48.  His Honour plainly awarded two-thirds of the interest he would have
awarded had his calculation been correct but, in the circumstances, we do not
feel bound to approach the matter in the same way, particularly as we have
increased the amount of damages which we think are properly payable to the
appellants.  This action arose out of a commercial transaction and, in the
result, the respondent has had the benefit of what now proves to have been the
appellants' money for many years.  We see no reason why any reduction in the
amount of interest which would have been awarded at the conventional rate
should be made.
49.  We think that the appropriate rate of interest therefore is 14% and the
appropriate period for which it ought to be payable 9 1/2 years.  This makes
adequate allowance for the fact that some of the interest would be payable in
respect of sums which would not have become due for up to seven weeks after 7
July 1979.  The proper amount to award for interest is, therefore, $37,232.95
and the total amount to which the appellants are entitled is $65,227.65.  In
reaching this conclusion we have taken into account the recent decision of the
High Court in Nicol v. Allyacht Spars Pty Ltd (No.2) (1988) 62 ALJR 557.
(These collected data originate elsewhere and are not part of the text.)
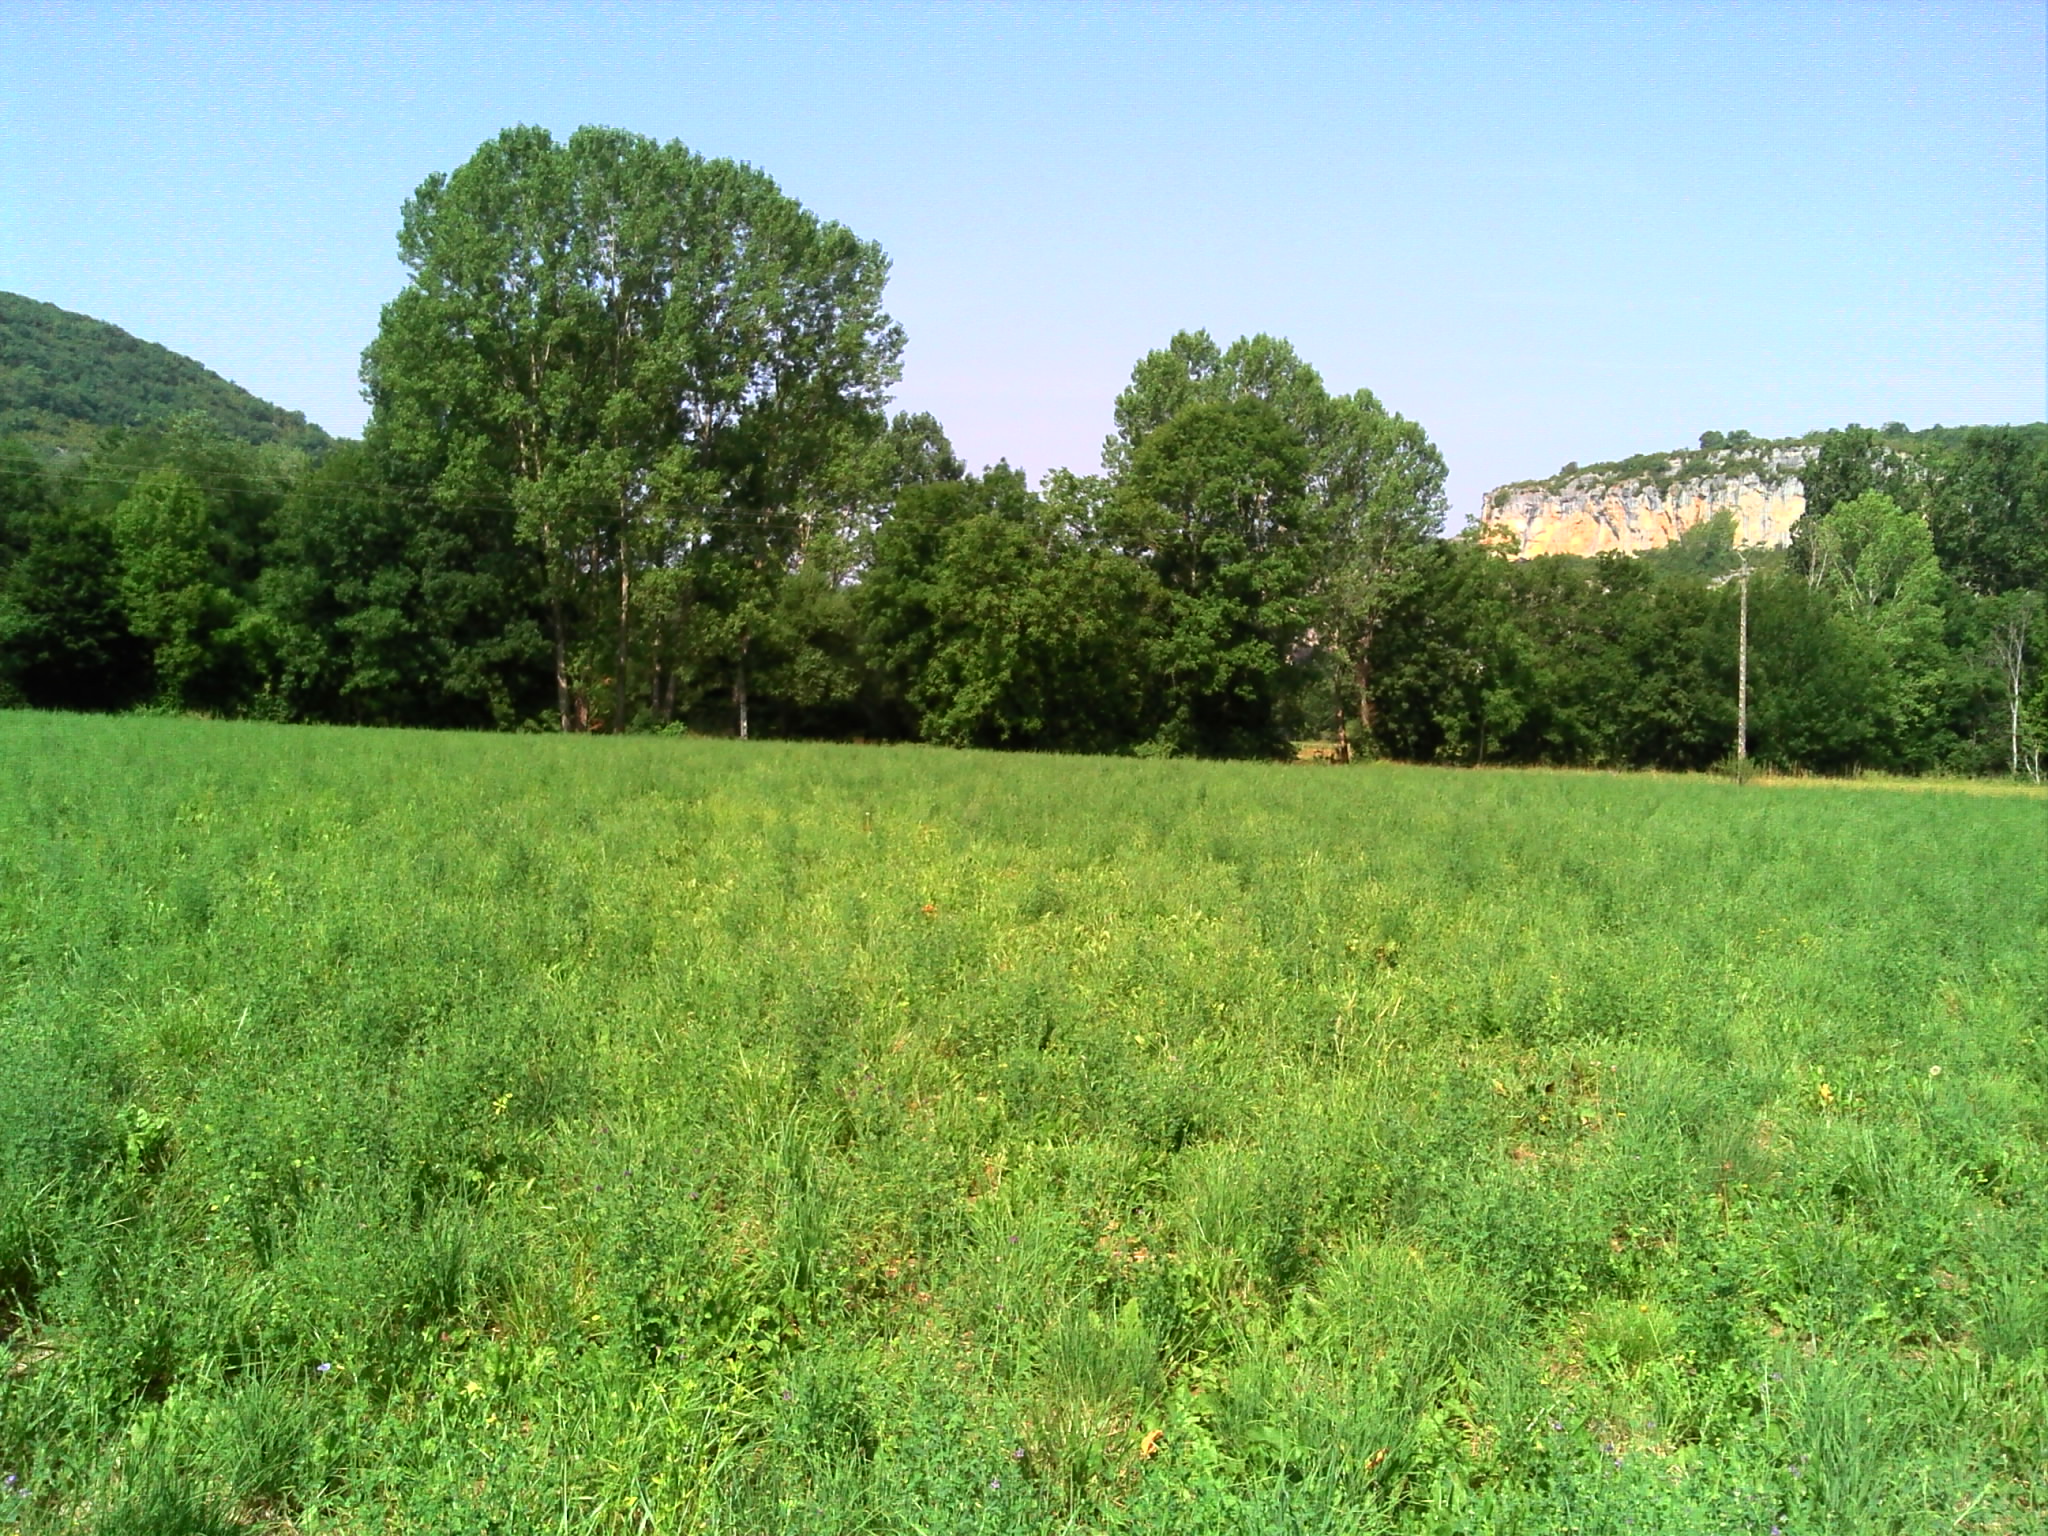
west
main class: Cropland
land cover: Lucerne
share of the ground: > 75 %
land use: Agriculture (excluding fallow land and kitchen gardens)
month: July
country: FR
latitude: 44.5694
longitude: 1.8020

50.  The appeal should be allowed.  The judgment appealed from should be
varied by substituting for the orders that judgment be entered for the
plaintiffs against the firstnamed defendant in the sum of $29,116.70 and that
the plaintiffs recover against the firstnamed defendant the sum of $29,116.70
and costs orders that judgment be entered for the plaintiffs against the
firstnamed defendant in the sum of $65,227,65 and that the plaintiffs recover
against the firstnamed defendant the sum of $65,227.65 and costs. The
respondent must pay the appellants' costs of the appeal.